_Work required_
Please retype the records below exactly, leaving out any pictures.

_Data to use_
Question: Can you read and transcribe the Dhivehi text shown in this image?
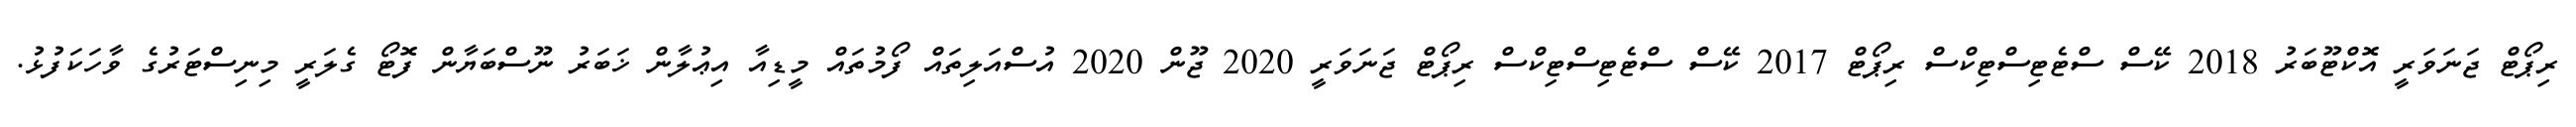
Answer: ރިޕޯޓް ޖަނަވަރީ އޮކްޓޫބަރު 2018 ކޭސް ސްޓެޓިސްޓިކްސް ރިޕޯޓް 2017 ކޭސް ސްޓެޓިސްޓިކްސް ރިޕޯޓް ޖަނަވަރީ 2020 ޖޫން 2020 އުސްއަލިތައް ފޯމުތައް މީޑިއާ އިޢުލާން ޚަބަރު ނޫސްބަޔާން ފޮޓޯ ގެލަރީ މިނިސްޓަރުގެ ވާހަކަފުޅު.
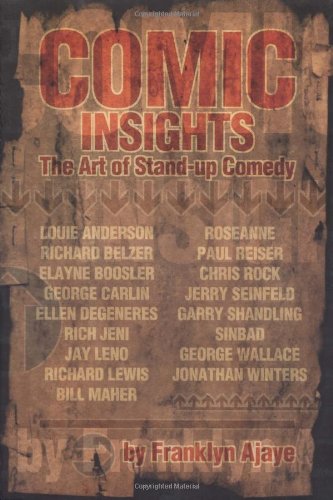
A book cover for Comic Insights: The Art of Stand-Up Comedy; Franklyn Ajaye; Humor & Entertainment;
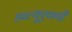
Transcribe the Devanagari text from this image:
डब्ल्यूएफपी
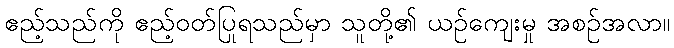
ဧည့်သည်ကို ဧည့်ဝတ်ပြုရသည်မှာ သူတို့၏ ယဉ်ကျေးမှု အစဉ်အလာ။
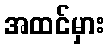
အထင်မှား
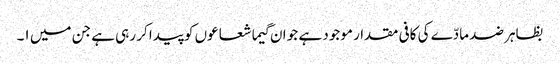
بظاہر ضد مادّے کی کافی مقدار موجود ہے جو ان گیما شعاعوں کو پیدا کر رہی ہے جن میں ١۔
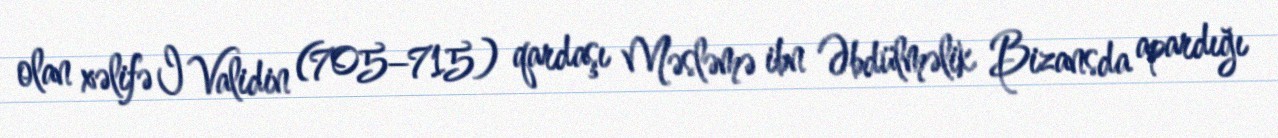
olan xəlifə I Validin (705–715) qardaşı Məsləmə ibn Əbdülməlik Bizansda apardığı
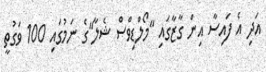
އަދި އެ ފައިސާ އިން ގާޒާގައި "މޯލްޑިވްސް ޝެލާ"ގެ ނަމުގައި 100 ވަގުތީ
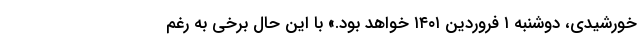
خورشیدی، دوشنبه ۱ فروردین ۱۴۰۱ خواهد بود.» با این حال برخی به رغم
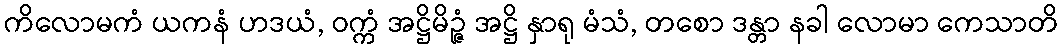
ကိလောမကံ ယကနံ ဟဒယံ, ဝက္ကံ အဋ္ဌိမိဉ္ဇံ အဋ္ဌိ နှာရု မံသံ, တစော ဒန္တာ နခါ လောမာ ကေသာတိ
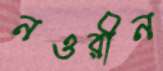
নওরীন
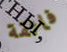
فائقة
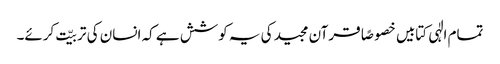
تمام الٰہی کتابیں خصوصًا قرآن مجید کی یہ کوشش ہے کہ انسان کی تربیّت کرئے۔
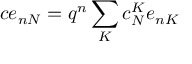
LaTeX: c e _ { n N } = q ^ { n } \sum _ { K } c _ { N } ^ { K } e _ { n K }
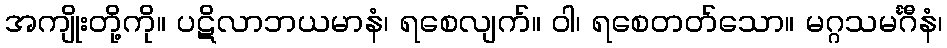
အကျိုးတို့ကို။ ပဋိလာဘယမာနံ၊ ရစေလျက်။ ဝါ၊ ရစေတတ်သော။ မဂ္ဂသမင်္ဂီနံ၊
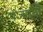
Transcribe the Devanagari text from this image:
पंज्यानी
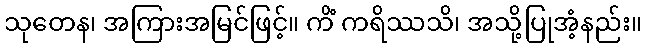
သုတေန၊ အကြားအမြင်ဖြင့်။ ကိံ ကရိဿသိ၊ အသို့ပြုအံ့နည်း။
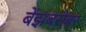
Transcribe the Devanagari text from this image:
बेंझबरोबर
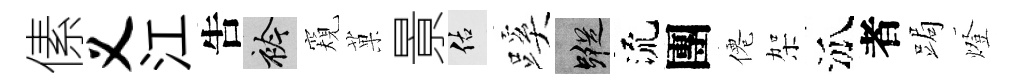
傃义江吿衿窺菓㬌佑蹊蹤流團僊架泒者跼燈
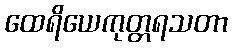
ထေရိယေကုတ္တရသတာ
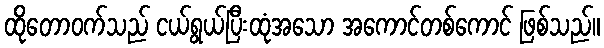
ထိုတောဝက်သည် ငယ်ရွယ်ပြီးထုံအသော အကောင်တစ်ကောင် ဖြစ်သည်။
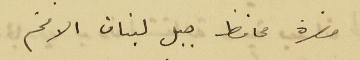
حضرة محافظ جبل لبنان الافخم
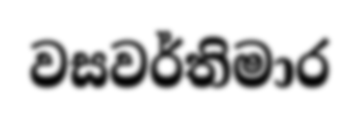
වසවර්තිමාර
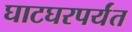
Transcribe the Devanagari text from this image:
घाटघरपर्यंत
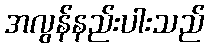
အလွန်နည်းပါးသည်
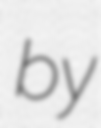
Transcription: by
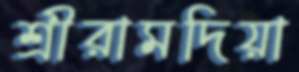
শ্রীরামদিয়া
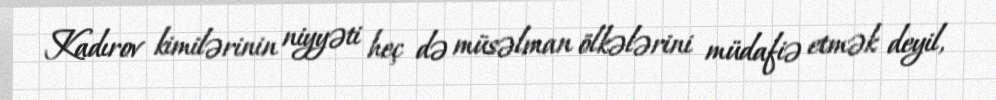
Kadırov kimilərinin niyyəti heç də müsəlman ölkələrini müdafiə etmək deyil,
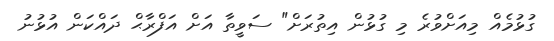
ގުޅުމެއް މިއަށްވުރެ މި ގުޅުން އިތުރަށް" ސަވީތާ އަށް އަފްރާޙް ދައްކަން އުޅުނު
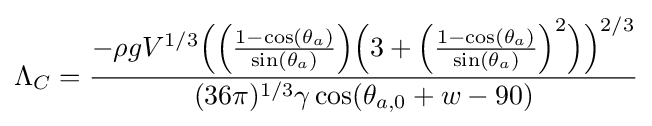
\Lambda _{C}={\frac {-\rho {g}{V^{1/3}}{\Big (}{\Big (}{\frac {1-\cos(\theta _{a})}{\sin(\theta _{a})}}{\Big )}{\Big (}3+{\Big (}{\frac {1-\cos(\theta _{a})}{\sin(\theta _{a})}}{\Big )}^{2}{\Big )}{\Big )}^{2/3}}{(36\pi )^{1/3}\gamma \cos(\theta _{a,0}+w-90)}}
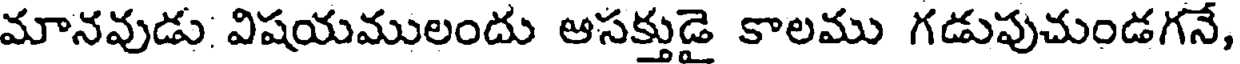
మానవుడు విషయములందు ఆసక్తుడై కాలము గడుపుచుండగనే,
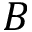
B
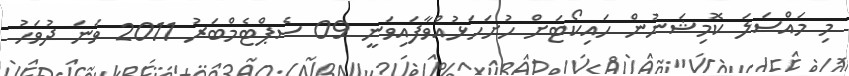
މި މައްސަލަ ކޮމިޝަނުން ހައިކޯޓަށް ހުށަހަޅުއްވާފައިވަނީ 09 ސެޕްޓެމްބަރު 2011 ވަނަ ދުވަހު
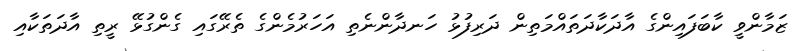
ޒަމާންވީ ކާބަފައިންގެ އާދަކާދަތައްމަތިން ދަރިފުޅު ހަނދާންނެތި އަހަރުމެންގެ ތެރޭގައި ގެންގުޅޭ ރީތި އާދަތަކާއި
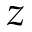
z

_Response to this exercise_
Question: Can you read and transcribe the Dhivehi text shown in this image?
Answer: ރިޕޯޓް ޖަނަވަރީ އޮކްޓޫބަރު 2018 ކޭސް ސްޓެޓިސްޓިކްސް ރިޕޯޓް 2017 ކޭސް ސްޓެޓިސްޓިކްސް ރިޕޯޓް ޖަނަވަރީ 2020 ޖޫން 2020 އުސްއަލިތައް ފޯމުތައް މީޑިއާ އިޢުލާން ޚަބަރު ނޫސްބަޔާން ފޮޓޯ ގެލަރީ މިނިސްޓަރުގެ ވާހަކަފުޅު.
A book cover for Comic Insights: The Art of Stand-Up Comedy; Franklyn Ajaye; Humor & Entertainment;
Transcribe the Devanagari text from this image:
डब्ल्यूएफपी
ဧည့်သည်ကို ဧည့်ဝတ်ပြုရသည်မှာ သူတို့၏ ယဉ်ကျေးမှု အစဉ်အလာ။
အထင်မှား
بظاہر ضد مادّے کی کافی مقدار موجود ہے جو ان گیما شعاعوں کو پیدا کر رہی ہے جن میں ١۔
olan xəlifə I Validin (705–715) qardaşı Məsləmə ibn Əbdülməlik Bizansda apardığı
އަދި އެ ފައިސާ އިން ގާޒާގައި "މޯލްޑިވްސް ޝެލާ"ގެ ނަމުގައި 100 ވަގުތީ
خورشیدی، دوشنبه ۱ فروردین ۱۴۰۱ خواهد بود.» با این حال برخی به رغم
ကိလောမကံ ယကနံ ဟဒယံ, ဝက္ကံ အဋ္ဌိမိဉ္ဇံ အဋ္ဌိ နှာရု မံသံ, တစော ဒန္တာ နခါ လောမာ ကေသာတိ
নওরীন
فائقة
تمام الٰہی کتابیں خصوصًا قرآن مجید کی یہ کوشش ہے کہ انسان کی تربیّت کرئے۔
LaTeX: c e _ { n N } = q ^ { n } \sum _ { K } c _ { N } ^ { K } e _ { n K }
အကျိုးတို့ကို။ ပဋိလာဘယမာနံ၊ ရစေလျက်။ ဝါ၊ ရစေတတ်သော။ မဂ္ဂသမင်္ဂီနံ၊
Transcribe the Devanagari text from this image:
पंज्यानी
သုတေန၊ အကြားအမြင်ဖြင့်။ ကိံ ကရိဿသိ၊ အသို့ပြုအံ့နည်း။
Transcribe the Devanagari text from this image:
बेंझबरोबर
傃义江吿衿窺菓㬌佑蹊蹤流團僊架泒者跼燈
ထေရိယေကုတ္တရသတာ
ထိုတောဝက်သည် ငယ်ရွယ်ပြီးထုံအသော အကောင်တစ်ကောင် ဖြစ်သည်။
حضرة محافظ جبل لبنان الافخم
වසවර්තිමාර
Transcribe the Devanagari text from this image:
घाटघरपर्यंत
အလွန်နည်းပါးသည်
Transcription: by
শ্রীরামদিয়া
Kadırov kimilərinin niyyəti heç də müsəlman ölkələrini müdafiə etmək deyil,
ގުޅުމެއް މިއަށްވުރެ މި ގުޅުން އިތުރަށް" ސަވީތާ އަށް އަފްރާޙް ދައްކަން އުޅުނު
\Lambda _{C}={\frac {-\rho {g}{V^{1/3}}{\Big (}{\Big (}{\frac {1-\cos(\theta _{a})}{\sin(\theta _{a})}}{\Big )}{\Big (}3+{\Big (}{\frac {1-\cos(\theta _{a})}{\sin(\theta _{a})}}{\Big )}^{2}{\Big )}{\Big )}^{2/3}}{(36\pi )^{1/3}\gamma \cos(\theta _{a,0}+w-90)}}
మానవుడు విషయములందు ఆసక్తుడై కాలము గడుపుచుండగనే,
B
މި މައްސަލަ ކޮމިޝަނުން ހައިކޯޓަށް ހުށަހަޅުއްވާފައިވަނީ 09 ސެޕްޓެމްބަރު 2011 ވަނަ ދުވަހު
ޒަމާންވީ ކާބަފައިންގެ އާދަކާދަތައްމަތިން ދަރިފުޅު ހަނދާންނެތި އަހަރުމެންގެ ތެރޭގައި ގެންގުޅޭ ރީތި އާދަތަކާއި
z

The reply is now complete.